MH: That’s a very good question. I had to make some hard choices about what to include and exclude in the book in terms of case studies, and also about which thematic prisms to use. In the case of gender, the choice was made easier by the fact that there is a lot of superb work being done in that field, even though the remit for gender-based activism in China has been severely constrained in recent years. What I felt was really missing was cultural studies work on class – that struck me as a core and telling gap in the scholarship. But that’s not to deny, of course, that there are highly gendered dimensions to zombie citizenship. Suicide shows, for example, are a highly masculinized practice, in part because the construction industry tends to employ male workers. But these performances about labor, risk, physicality, stoicism, and power are also heavily inflected by the status of the performers as men who see themselves as providers (they often refer to this point in the videos), but who have had that core relation of trust and care for their families violated by the withholding of wages. By contrast, the example you mention – livestreamer Foodie Fengjie – belongs within a media ecology dominated by women: most successful livestreamers in China are female. But the femininity which they embody is one dictated by very rigid notions of erotic capital – and Foodie Fengjie in her uncool crassness offers an audacious riposte to this.
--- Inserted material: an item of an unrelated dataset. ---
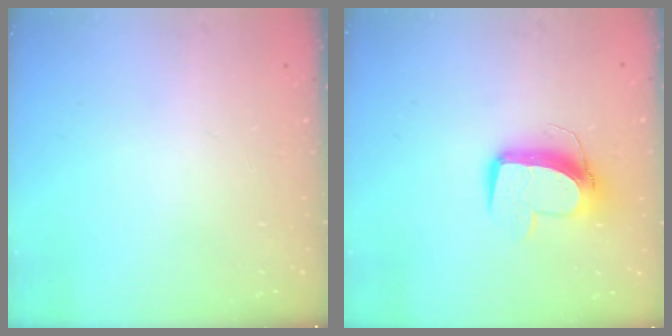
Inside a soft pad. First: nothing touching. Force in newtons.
{"total": 10.7, "press": 10.6, "slide": 1.1}
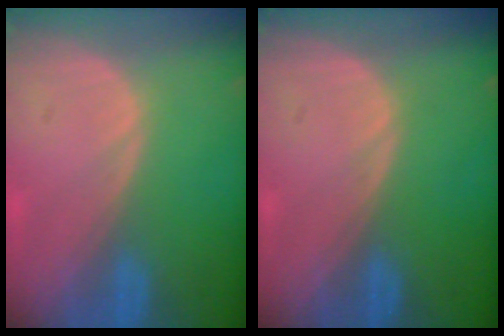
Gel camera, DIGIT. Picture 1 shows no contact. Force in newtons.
{"total": 0.0}

There’s a lot more work to be done on precarious experience in China, and a more sharply gendered lens would certainly uncover or spotlight things that my book misses – perhaps especially in those cultural practices where gender difference is so pronounced. But in other cultural forms – for example, migrant workers’ magazines and poetry from the factory floor – I found that the experience of precarity seemed to hammer people in quite cognate ways, irrespective of their gender.
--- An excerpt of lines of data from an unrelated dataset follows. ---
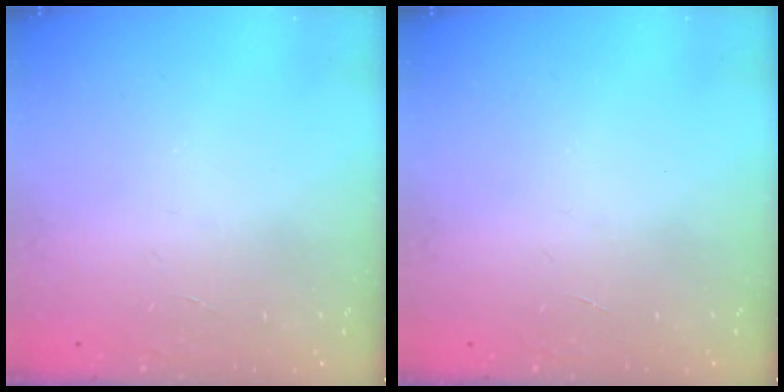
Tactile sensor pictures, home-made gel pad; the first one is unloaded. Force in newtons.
{"total": 0.0}
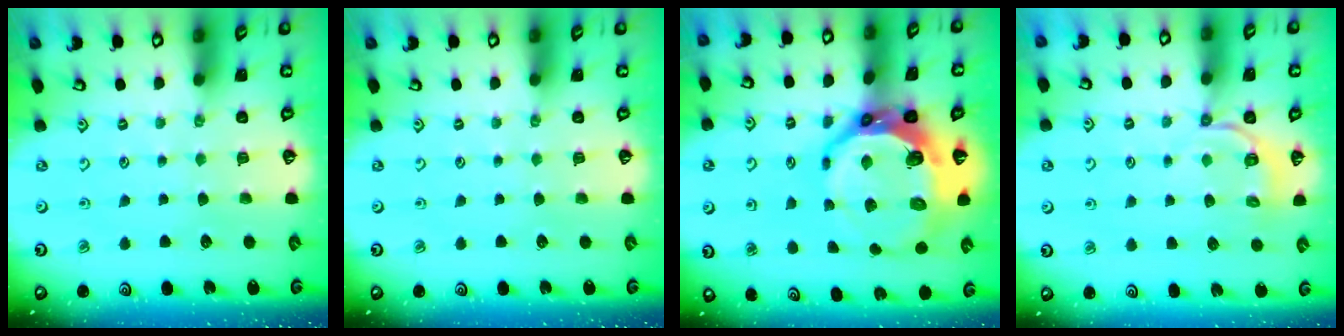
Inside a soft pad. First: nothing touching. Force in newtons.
{"total": 0.0}
{"total": 16.9, "press": 16.1, "slide": 5.3}
{"total": 4.2, "press": 3.8, "slide": 1.8}
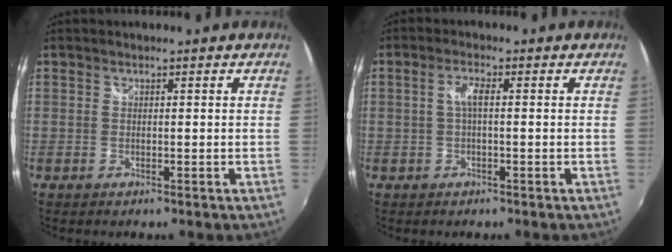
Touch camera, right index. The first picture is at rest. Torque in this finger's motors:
{"motor_torque": [0.24, -0.16, 0.17, 0.06]}

MSz: Does your newest book project continue along the lines of inquiry from On the Edge, or have you moved on to entirely new questions?
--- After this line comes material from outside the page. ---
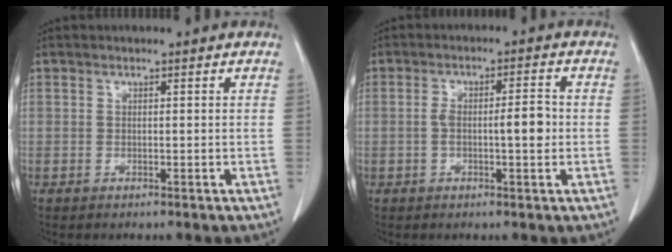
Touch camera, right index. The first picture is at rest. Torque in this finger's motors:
{"motor_torque": [0.67, -0.05, 0.33, 0.08]}

MH: My new project explores a new line of inquiry: it’s about the cultural politics of the face in 21st-century China. Obviously, there’s a long tradition in anthropological and sociological work which reads the face as a codeword for status, respectability, and pride. In my project, I try to move away from this figurative take to explore the face as something fleshly, as actual skin and bone. In particular, I’m interested in the face as a vessel through which biopower flows in China today. I look at three facescapes which have shaped governance in China since the millennium: the biometric face, the aesthetically modified face, and the masked face. It seems to me that the face is a zone in which power happens, and that spaces of visual culture are both reflecting and making real that process. It’s intriguing that the face remains so oddly overlooked in social theory, outside the parameters of the face-as-status that I just mentioned. Sure, there’s seminal work by Levinas, by Deleuze and Guattari, and by a few more recent geographers and anthropologists, but for the most part, the face still hides in the long shadow cast by the body right across the humanities. Embodiment is everywhere, on every curriculum and at every big conference, while the face remains by and large uncharted terrain. This is especially true of China, where the focus on face as social protocol has combined with an ongoing obsession with the particular countenance of Mao Zedong. The face really needs its moment now, in our current era of pandemic and protest, surveillance and surgery. So, my next project tries to get to grips with that, via a range of visual, textual, and digital sources.

1 David Neilson, “Class, Precarity, and Anxiety under Neoliberal Global Capitalism: From Denial to Resistance,” Theory & Psychology vol. 25, no. 2 (2015), 184–201.

2 Magda Szcześniak, “Feeling Moved. Upward Mobility Stories in Socialism,” New Literary History vol. 55, no. 1 (2024).